Is neutrality in law then a myth? In any serious case, there will be legally impeccable arguments on both sides and recognised techniques of legal reasoning. These can be deployed to reach a range of conclusions while maintaining apparent fidelity to the law. When a judge confronts a hard case, he considers all interpretations that adequately fit existing evidence and selects the one that is best justified, even if the outcome is shaped by his personal presuppositions. A defensible middle position distinguishes between judges holding comprehensive views and judges reasoning from personal views in their official capacity. On this account, judges may privately hold religious convictions but must publicly justify their decisions using reasons accessible to citizens regardless of their inclinations. Legitimacy thus emerges not only from neutrality but also from the judge’s demonstrated craft in legal interpretation. Constitutional interpretation itself may be viewed as a form of civil religion, with its own texts, practices and authorities. Judges derive authority because they are respected for their skill and standing within this tradition.
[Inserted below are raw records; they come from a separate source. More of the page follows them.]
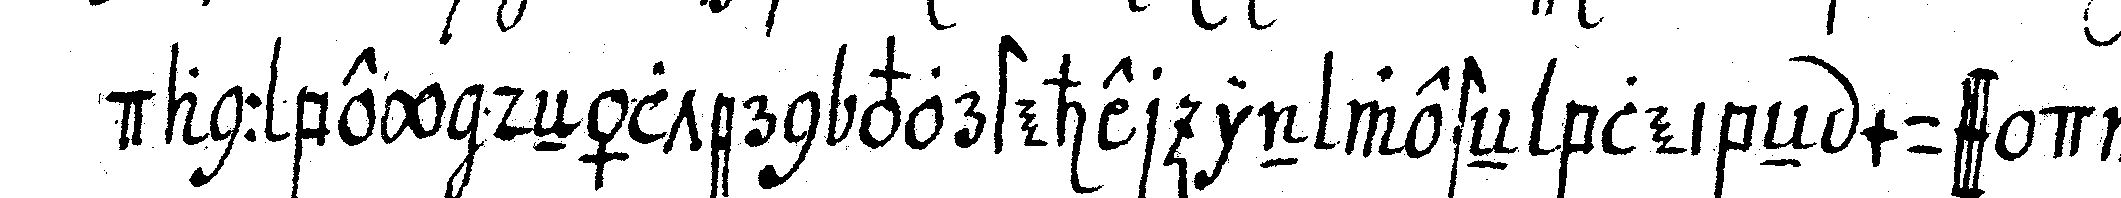
dann bey deNältern vorsteher in westeN bleibeN muss da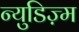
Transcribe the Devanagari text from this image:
न्युडिज़्म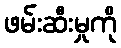
ဖမ်းဆီးမှုကို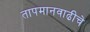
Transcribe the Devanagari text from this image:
तापमानवाढीचे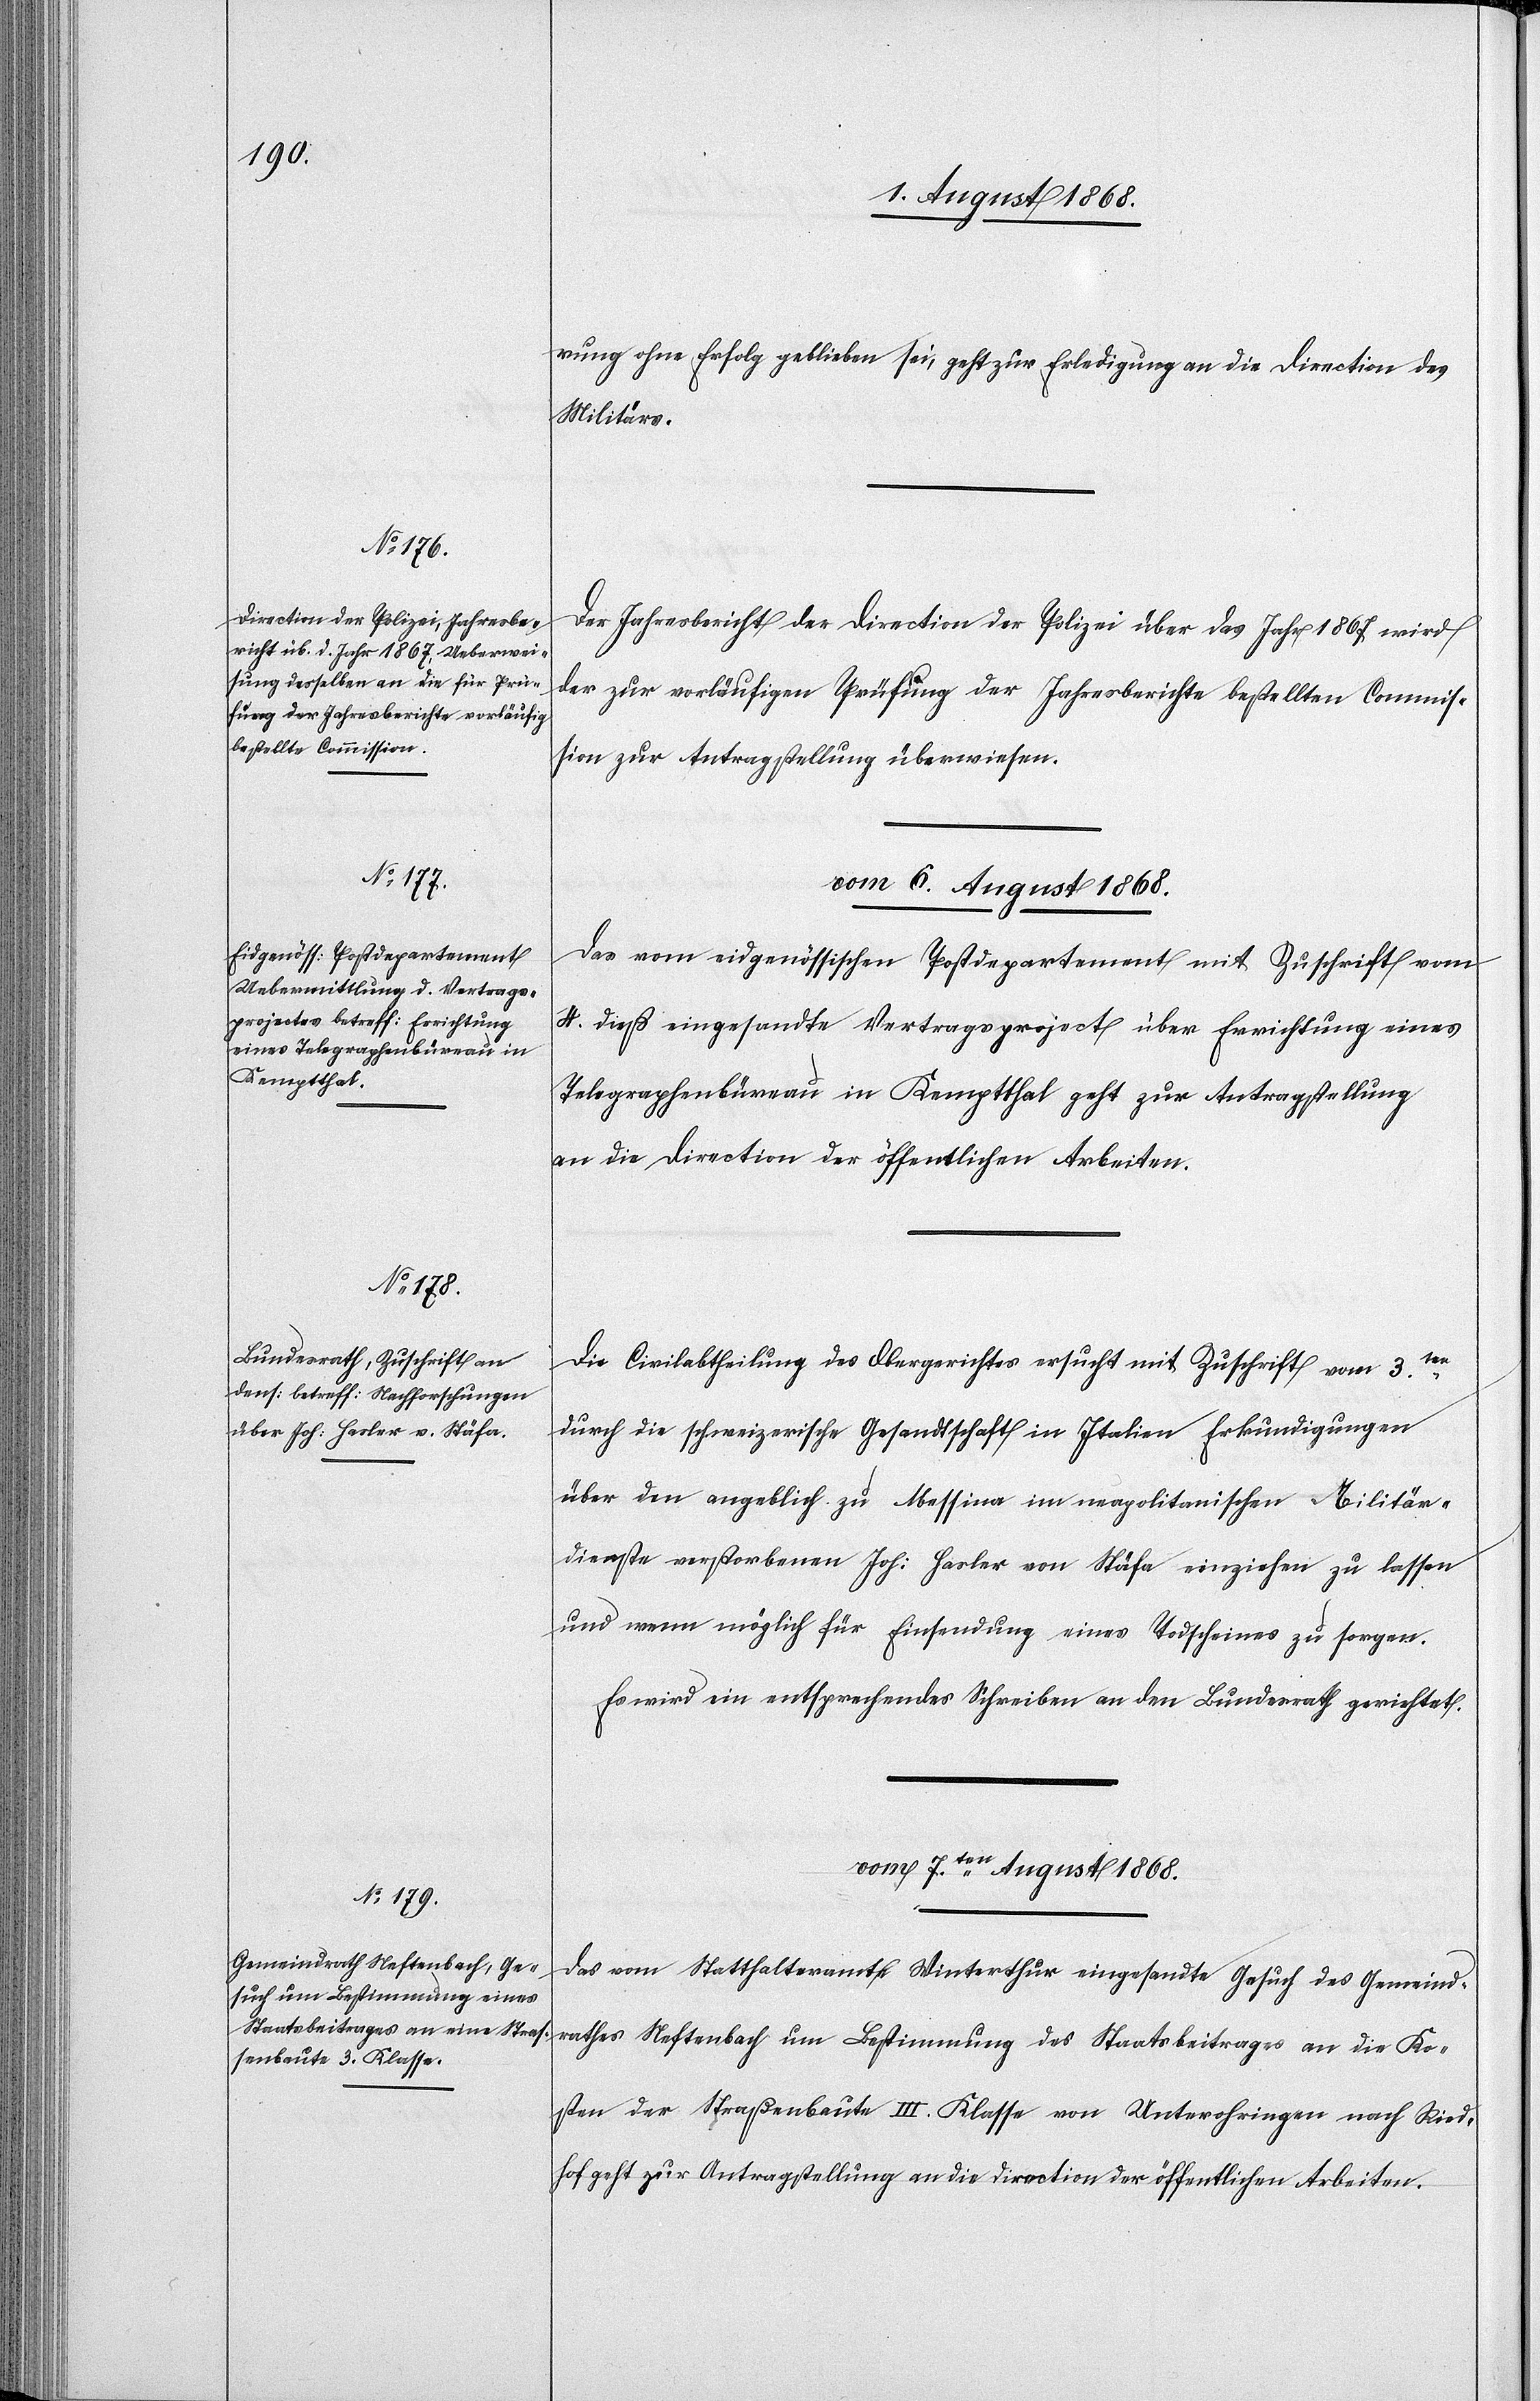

Accordingly, the process of judging, even by a deeply religious judge, does not collapse into pure relativism. Some interpretations are better and more faithful than others, even if none can claim complete objectivity. The judge’s task is to reach a balanced understanding that integrates his perspective with the meaning carried by the legal tradition.
Do irreligious worldviews occupy a symmetrically neutral position? The assumption that anyone reasons from a wholly neutral standpoint is untenable. The irreligious judge is therefore no more neutral than the religious judge. Both reason from within traditions that shape their rationality.
How, then, should the dispensation address a misaligned judge? Indian secularism has been guided by ‘sarva dharma sambhava’, grounded in a spirit of toleration among adherents of different religions. Rather than creating a strict divide such as France’s laïcité, India has adopted a framework of principled distance between religion and State. This framework proceeds from the recognition that plural convictions cannot be eliminated without impoverishing public reason. Whatever course is adopted, one must remain mindful that judicial independence cannot exist without liberty of thought.